Продавец усмехнулся. Судя по выражению лица, подобный вопрос он слышал неоднократно, и поэтому давно приготовил нечто вроде обзорной лекции:
– Начну с названия. Раньше магазинчик назывался «Страх и только». А поскольку толь – пропитанный смолой картон – перестали выпускать, то, соответственно, и продавать. Да и Толька ушёл из компаньонов. А теперь, поскольку распространяются новые веяния, мы решили немного осовремениться. Что касается остального… Есть страх, а есть трусость. И страх ценится гораздо выше. Потому что страх появляется, когда есть непосредственная опасность для жизни. А трусость… – он махнул рукой. – Трусость «моложе»: если страх есть проявление инстинкта самосохранения, свойственного всему живому, то трусость не встречается ни у кого, кроме людей. Трусость порождена разумом, она является своего рода платой за разум. То есть видимых причин для страха нет, нет прямой опасности – скажем, надо выступить на собрании, покритиковать начальника, – а человек боится. Вот это не страх, а трусость. Страх можно преодолеть – нам известны примеры, а трусость часто превращается в черту характера, прирастает к нему, и тогда избавиться от неё невозможно. Иногда удаётся изгнать трусость, но только страхом. Испытав большой страх, человек перестаёт трусить. Хотя встречаются и исключения, – задумчиво добавил он.

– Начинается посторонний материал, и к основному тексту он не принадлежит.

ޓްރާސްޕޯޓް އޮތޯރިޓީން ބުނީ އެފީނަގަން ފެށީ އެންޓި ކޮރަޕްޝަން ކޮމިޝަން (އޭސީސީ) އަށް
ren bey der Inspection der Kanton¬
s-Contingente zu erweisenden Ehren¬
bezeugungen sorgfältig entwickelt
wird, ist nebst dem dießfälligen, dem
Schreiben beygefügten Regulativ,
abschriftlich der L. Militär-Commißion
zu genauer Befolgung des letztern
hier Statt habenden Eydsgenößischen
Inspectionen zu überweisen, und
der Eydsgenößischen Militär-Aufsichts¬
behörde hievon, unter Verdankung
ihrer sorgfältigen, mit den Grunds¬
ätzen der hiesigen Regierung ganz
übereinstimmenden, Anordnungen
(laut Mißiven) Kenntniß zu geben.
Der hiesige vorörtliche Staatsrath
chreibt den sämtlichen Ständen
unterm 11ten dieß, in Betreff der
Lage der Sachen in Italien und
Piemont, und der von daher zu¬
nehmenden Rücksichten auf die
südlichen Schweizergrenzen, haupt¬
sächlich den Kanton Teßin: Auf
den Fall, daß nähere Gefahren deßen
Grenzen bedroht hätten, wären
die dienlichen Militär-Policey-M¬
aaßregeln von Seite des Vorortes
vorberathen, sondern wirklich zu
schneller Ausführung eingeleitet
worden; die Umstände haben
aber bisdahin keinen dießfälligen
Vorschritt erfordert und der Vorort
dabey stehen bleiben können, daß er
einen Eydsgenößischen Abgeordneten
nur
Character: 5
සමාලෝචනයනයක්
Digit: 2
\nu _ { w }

Мы прошли, посмотрели. Разнокаплиберные страхи не внушали опасения.
– Сюда, наверное, сдавал страхи знакомый того малыша, – вспомнил Том, когда мы шли к выходу.

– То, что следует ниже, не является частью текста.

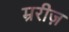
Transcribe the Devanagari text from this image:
म्ररीज़
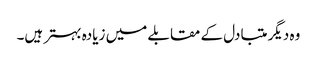
وہ دیگر متبادل کے مقابلے میں زیادہ بہتر ہیں۔
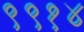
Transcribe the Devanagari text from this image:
९९१४
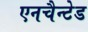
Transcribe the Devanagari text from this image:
एनचैन्टेड
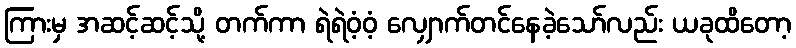
ကြားမှ အဆင့်ဆင့်သို့ တက်ကာ ရဲရဲဝံ့ဝံ့ လျှောက်တင်နေခဲ့သော်လည်း ယခုထိတော့
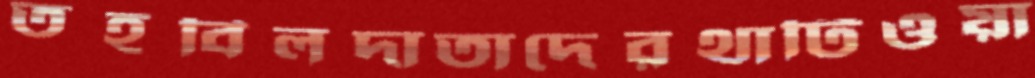
তহবিলদাতাদেরথার্টিওয়া
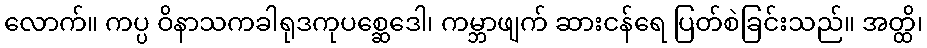
လောက်။ ကပ္ပ ဝိနာသကခါရုဒကုပစ္ဆေဒေါ၊ ကမ္ဘာဖျက် ဆားငန်ရေ ပြတ်စဲခြင်းသည်။ အတ္ထိ၊
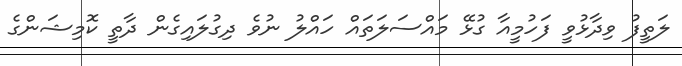
ލަތީފު ވިދާޅުވީ ފަހުމީއާ ގުޅޭ މައްސަލަތައް ހައްލު ނުވެ ދިގުލައިގެން ދާތީ ކޮމިޝަންގެ
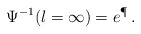
\begin{align*}\Psi^{-1}(\l=\infty) = e^\P\, . \end{align*}
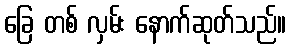
ခြေ တစ် လှမ်း နောက်ဆုတ်သည်။
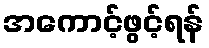
အကောင့်ဖွင့်ရန်
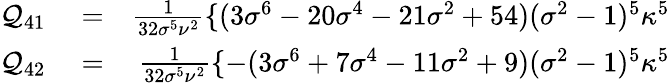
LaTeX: \begin{array}{rlr}{\mathcal{Q}_{41}}&{{}=}&{\frac{1}{32\sigma^{5}\nu^{2}}\{ (3\sigma^{6}-20\sigma^{4}-21\sigma^{2}+54)(\sigma^{2}-1)^{5}\kappa^{5}}\\ {\mathcal{Q}_{42}}&{{}=}&{\frac{1}{32\sigma^{5}\nu^{2}}\{ -(3\sigma^{6}+7\sigma^{4}-11\sigma^{2}+9)(\sigma^{2}-1)^{5}\kappa^{5}}\end{array}
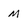
Character: m
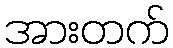
အားတက်
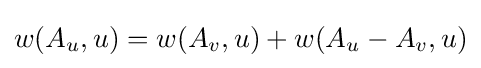
w(A_{u},u)=w(A_{v},u)+w(A_{u}-A_{v},u)
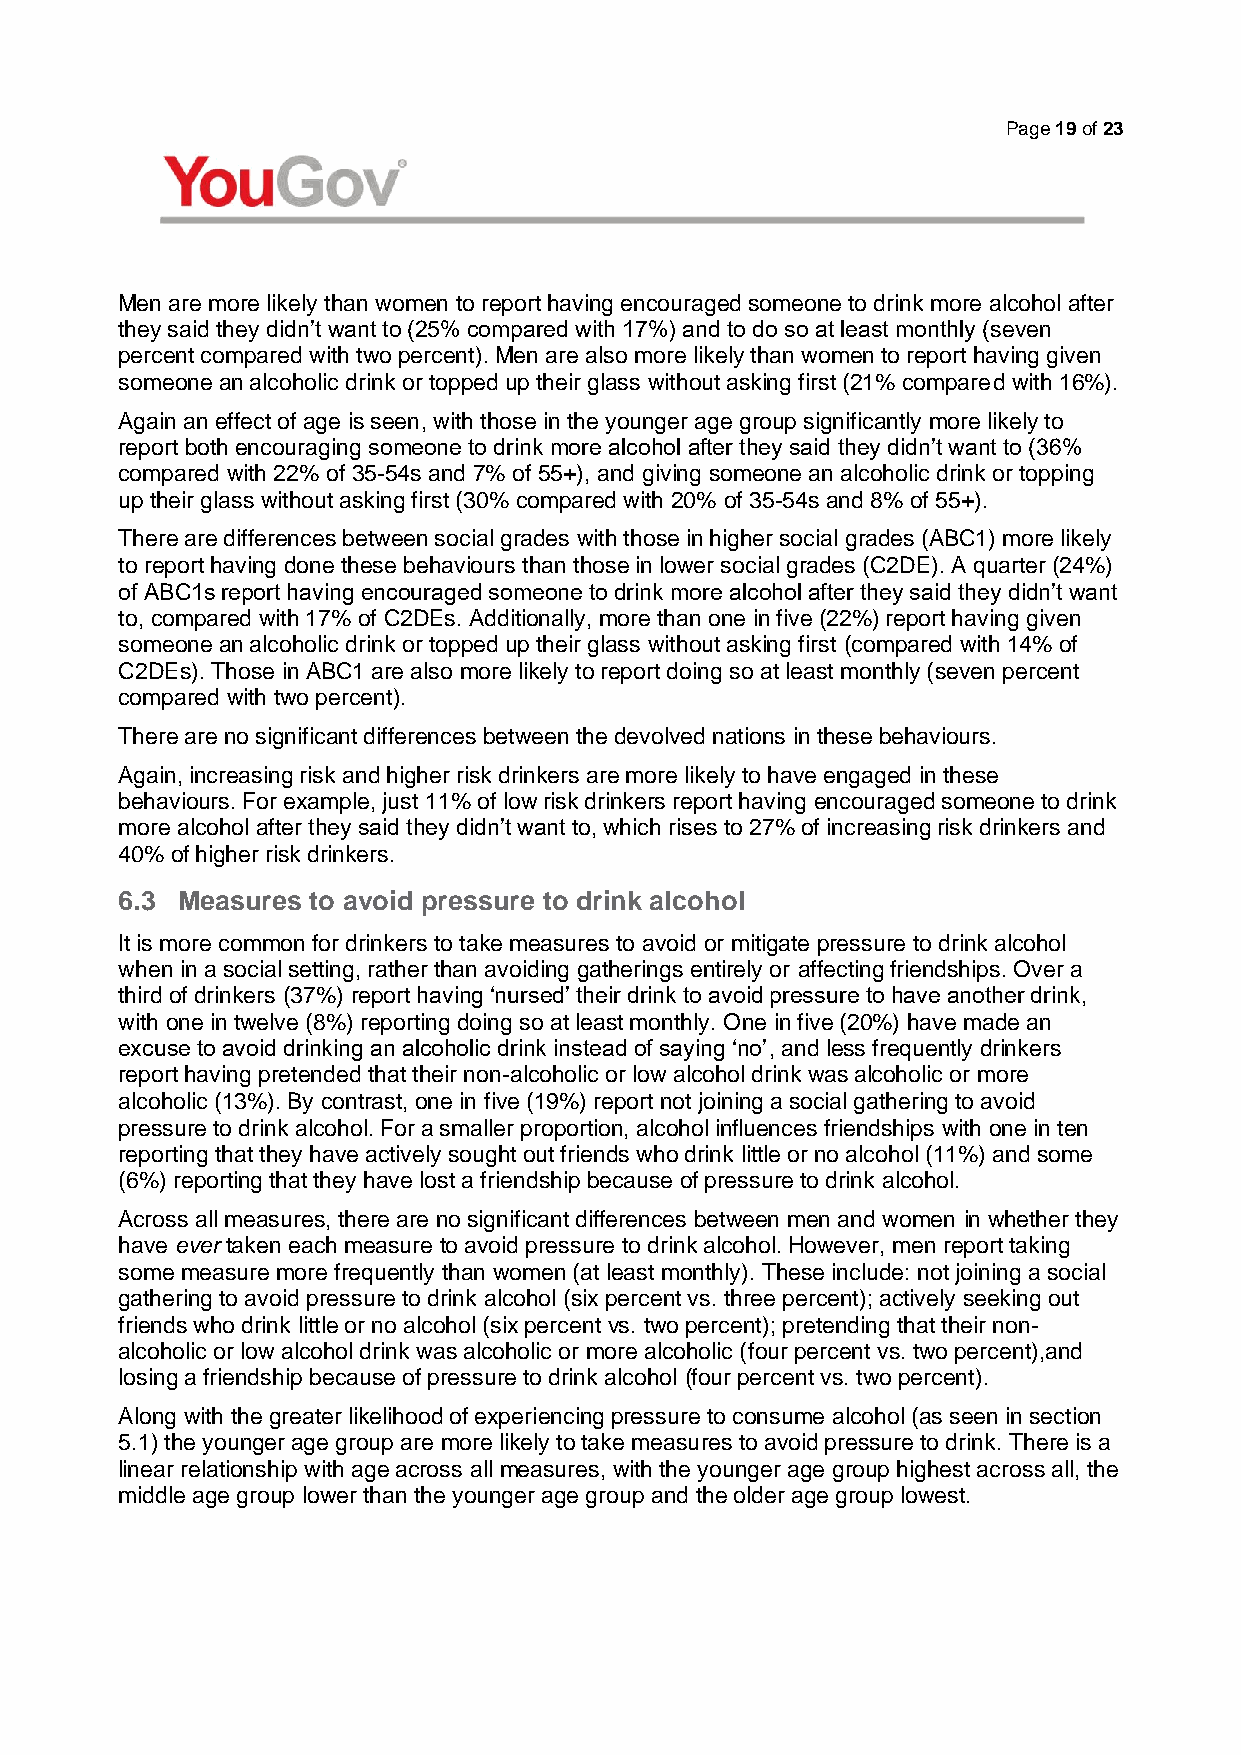
Page 19 of 23
 Men are more likely than women to report having encouraged someone to drink more alcohol after
 they said they didn’t want to (25% compared with 17%) and to do so at least monthly (seven
 percent compared with two percent). Men are also more likely than women to report having given
 someone an alcoholic drink or topped up their glass without asking first (21% compared with 16%).
 Again an effect of age is seen, with those in the younger age group significantly more likely to
 report both encouraging someone to drink more alcohol after they said they didn’t want to (36%
 compared with 22% of 35-54s and 7% of 55+), and giving someone an alcoholic drink or topping
 up their glass without asking first (30% compared with 20% of 35-54s and 8% of 55+).
 There are differences between social grades with those in higher social grades (ABC1) more likely
 to report having done these behaviours than those in lower social grades (C2DE). A quarter (24%)
 of ABC1s report having encouraged someone to drink more alcohol after they said they didn’t want
 to, compared with 17% of C2DEs. Additionally, more than one in five (22%) report having given
 someone an alcoholic drink or topped up their glass without asking first (compared with 14% of
 C2DEs). Those in ABC1 are also more likely to report doing so at least monthly (seven percent
 compared with two percent).
 There are no significant differences between the devolved nations in these behaviours.
 Again, increasing risk and higher risk drinkers are more likely to have engaged in these
 behaviours. For example, just 11% of low risk drinkers report having encouraged someone to drink
 more alcohol after they said they didn’t want to, which rises to 27% of increasing risk drinkers and
 40% of higher risk drinkers.
 6.3 Measures to avoid pressure to drink alcohol
 It is more common for drinkers to take measures to avoid or mitigate pressure to drink alcohol
 when in a social setting, rather than avoiding gatherings entirely or affecting friendships. Over a
 third of drinkers (37%) report having ‘nursed’ their drink to avoid pressure to have another drink,
 with one in twelve (8%) reporting doing so at least monthly. One in five (20%) have made an
 excuse to avoid drinking an alcoholic drink instead of saying ‘no’, and less frequently drinkers
 report having pretended that their non-alcoholic or low alcohol drink was alcoholic or more
 alcoholic (13%). By contrast, one in five (19%) report not joining a social gathering to avoid
 pressure to drink alcohol. For a smaller proportion, alcohol influences friendships with one in ten
 reporting that they have actively sought out friends who drink little or no alcohol (11%) and some
 (6%) reporting that they have lost a friendship because of pressure to drink alcohol.
 Across all measures, there are no significant differences between men and women in whether they
 have ever taken each measure to avoid pressure to drink alcohol. However, men report taking
 some measure more frequently than women (at least monthly). These include: not joining a social
 gathering to avoid pressure to drink alcohol (six percent vs. three percent); actively seeking out
 friends who drink little or no alcohol (six percent vs. two percent); pretending that their non-
 alcoholic or low alcohol drink was alcoholic or more alcoholic (four percent vs. two percent),and
 losing a friendship because of pressure to drink alcohol (four percent vs. two percent).
 Along with the greater likelihood of experiencing pressure to consume alcohol (as seen in section
 5.1) the younger age group are more likely to take measures to avoid pressure to drink. There is a
 linear relationship with age across all measures, with the younger age group highest across all, the
 middle age group lower than the younger age group and the older age group lowest.

Выйдя, мы заметили сидящего на скамейке гражданина. Он собирался войти в учреждение напротив, и широко раскрыл портфель, где лежало сложенное вдвое чинопочитание. Он достал его, развернул, тщательно разгладил… Но оно всё равно осталось сложенным. Так продолжалось несколько раз: сколько он ни старался, разгладить чинопочитание не удавалось. Пришлось ему надевать чинопочитание и идти сложенным если не вдвое, то склонившись в глубоком поклоне – обязательно.